The point is, that people who are normally socialized
find violence abhorrent. Adventurers, who wallow in this stuff,
might be predisposed to violence in a way that many townsfolk
and even countryfolk aren't. So was there a series of events
in childhood that made the character different in regards to
how they view violence in contrast with the rest of the populace?
The Magistrate glared at the accused
before him. The orphan stood there frightened, awaiting the
verdict. The magistrate hid behind an expressionless mask that
betrayed not the tide of bile rising from within. Not even 8
years of age and caught stealing apples from a merchant! Surely
it must run in their blood after all! The commoners were like
vermin, spreading their contagion of unwanted children, licentiousness,
drunkenness, and crime
but this rat had not gotten away
- and here it was, cowering beneath the cat's paw. "You
are hereby sentenced to three days in the pillory and ten years
in prison. Remove the sentenced from my sight." The full
weight of the law must be used to crush these snot nosed little
brats!
Even the players can be victims of crime.
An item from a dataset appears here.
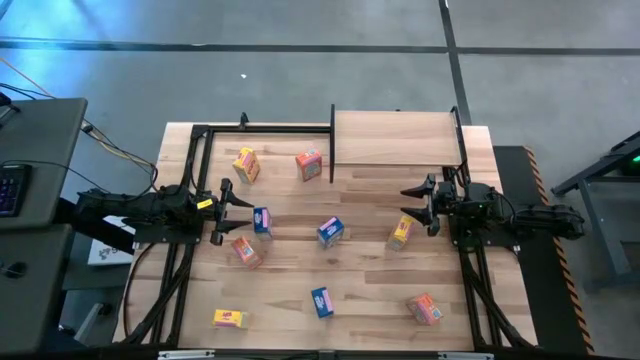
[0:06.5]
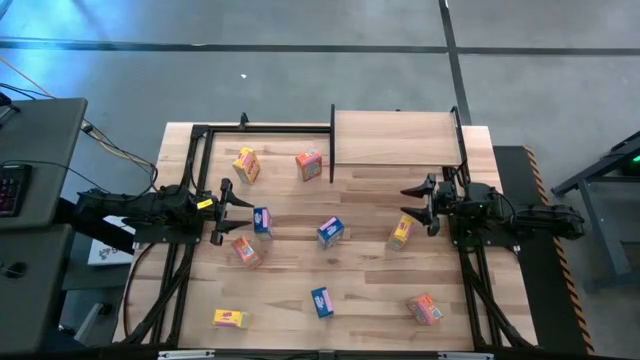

A money
purse is stolen, some 15 crowns are taken, and a small child,
no more than six years of age is running with it? Are the 15
crowns worth so much to the adventurer? Perhaps the adventurer
pursues the child down an alley, into a basement where a group
of small, hungry, dirty looking children cower.
People who commit crimes are not necessarily
amoral, lazy, or evil, they may simply be needy. And in a world
where disease or some other misfortune can result in a child
living on the streets, much of the crime may be committed by
children who seem to have little future.